Matthew Gordon: Right. Okay. So, you’re moving forward but trying to conserve your money. I appreciate lawyers and so forth and this hearing on the 8th April is going to take a lot of time, effort and a bit more money. But if it’s found in your favour, you would then look to move to properly being active and opening up the mine – is that what you’re telling me?

George Glasier: You know, we could get that kind of ruling soon, or it could be maybe when the Government starts buying after that new budget comes out, you’ve read the same thing. It’s uncertain when something might happen, but it could happen very soon, or it could be a little bit longer. But you know President Trump has something in mine to help the US industry, and we’re prepared. That’s why we’ve got those mines ready to go, so that we can be one of the suppliers to whatever need is out there.

Matthew Gordon: Okay. You are taking care of business, as far as the administrative side of things: you’ve got to get the permissions to be able to get back in there. Okay, so let’s kind of park that if we may, I just need to get this answer to the original question which was, how does a company at your stage, without going through the process of economic studies, get financing? When you’re ready to switch on, who’s going to step in and finance you, even if it’s for USD$5M? Not necessarily to get into production, clearly, but to allow you to get things set up and ready to put yourself in the best position to get into production, should the Government ever give clarity on what’s happening with their Uranium and nuclear plants?

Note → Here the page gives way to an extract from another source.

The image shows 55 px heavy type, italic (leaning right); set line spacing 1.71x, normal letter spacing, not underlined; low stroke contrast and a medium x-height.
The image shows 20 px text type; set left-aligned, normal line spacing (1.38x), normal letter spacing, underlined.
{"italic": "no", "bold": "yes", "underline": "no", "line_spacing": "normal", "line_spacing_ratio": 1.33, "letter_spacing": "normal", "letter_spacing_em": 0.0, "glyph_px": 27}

George Glasier: It doesn’t cost you anything really to get the mine going. Well, I’ve turned the metres back on; the electric meters, deposits of about USD$20,000, but again, it’s not much. So again, when we start to turn the mine on for production, we’ll have some kind of offtake contract at a price and we’ll basically debt finance that possibly; whether we’ll do a placement, you know, an equity placement. But again, we’ll have the economics laid out because we’ll know what we’re going to do with the ore. We’ll know what the price is. Now, Energy Fuels has talked, you know, through the market; they just told me today, they want USD$60 to USD$65.

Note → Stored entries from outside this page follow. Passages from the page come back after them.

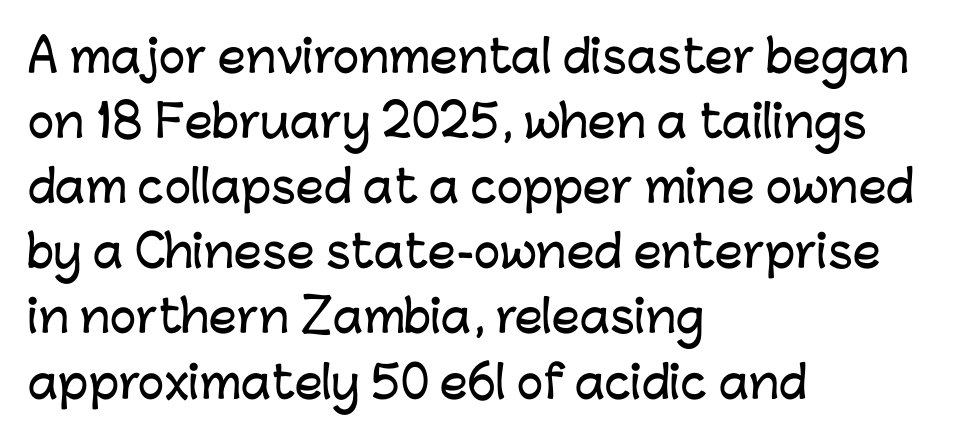
Q: Is the text italic (slanted)? A: No, it is upright.
Q: Is the typeface a serif or a sans-serif typeface? A: Sans-serif.
Q: Is the text underlined? A: No.
Q: How is the paragraph aligned? A: Left-aligned.
Q: Is the spacing between letters normal or unusually wide? A: Normal.
Q: Is the spacing between lines tight, normal or loose? A: Normal.
Q: Width (condensed, normal, or wide)? A: Normal.
Q: Stroke contrast? A: Low.
Q: x-height? A: Medium.
Q: Monospaced? A: No.

Matthew Gordon: Yes, I’ve heard that.

George Glasier: It’s a pretty nice price. The Sunday Mine certainly can make money at that price. Now is the Government going to step up and buy at USD$60 or USD$65? We don’t know, but if they do, you can apply the economics and so can we and so can financial plan for investors to give us the money, which is not a lot of money, depends on what kind of arrangement we have with the mill. If it’s simply as Mark Chalmers has said, they might just buy ore, you know in the first Energy Fuels, which I was part of, we bought a lot of ore from the independents. We’d ship a truckload of ore and you get paid 30 days down the road. So that is not much financing for that because you just have to mine each day and ship ore and then you get paid.

Matthew Gordon: So, you think on the basis of the old 43-101, you can convince people that you know the scale of the ore available to you underground. You’re saying that that’s going to be good enough for financiers to say, okay, we understand how much ore they’re going to be able to mine?

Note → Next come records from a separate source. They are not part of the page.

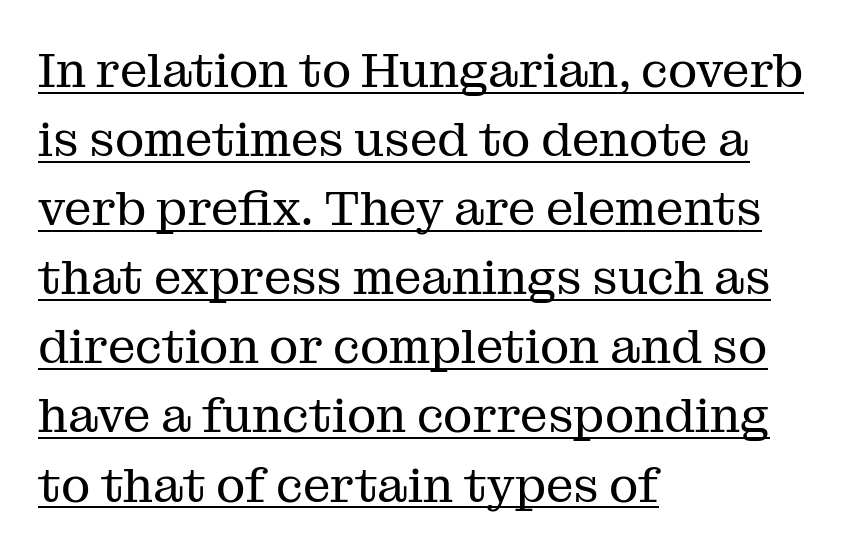
{"serif": "yes", "italic": "no", "bold": "no", "weight": "regular", "width": "normal", "stroke_contrast": "medium", "x_height": "medium", "monospaced": "no", "underline": "yes", "align": "left", "line_spacing": "normal", "line_spacing_ratio": 1.41, "letter_spacing": "normal", "letter_spacing_em": 0.0, "glyph_px": 49}
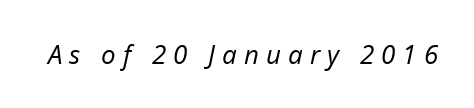
The image shows 26 px text type, italic (leaning right); set unusually wide letter spacing (+0.27 em), not underlined.
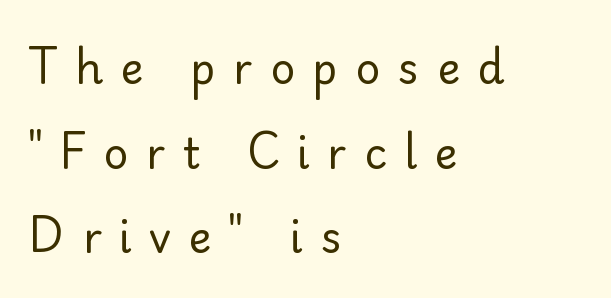
No chunkiness to these letters — they're not bold. The glyphs are unaccompanied by any horizontal stroke below them. The paragraph has a hard left edge and a soft right edge. Designer's note — italics off, roman on. The rendering uses natural spacing where letterforms have individual widths.

George Glasier: Oh, of course. In fact, we can open up the mine and take a bit of ore and show them. That’s one thing, you know, they can go right in there and they can talk to the geologists, and see what development drilling we did. So, they can see that. And obviously we’re not going to go into full production just yet. You know, if the Government decides to buy 2Mlbs, you know, that’s going to be split, spread across a number of producers. So, we could probably produce half of that the first year, but we’re not going to, I don’t think we’re going to get that much. So, we’re going to go in and do some limited production to start with because I don’t think, if that’s the program we’re counting on, it’s USD$150M, that only buys you about 2Mlbs. So that’s not a lot of Uranium. We could easily produce a third or fourth of that.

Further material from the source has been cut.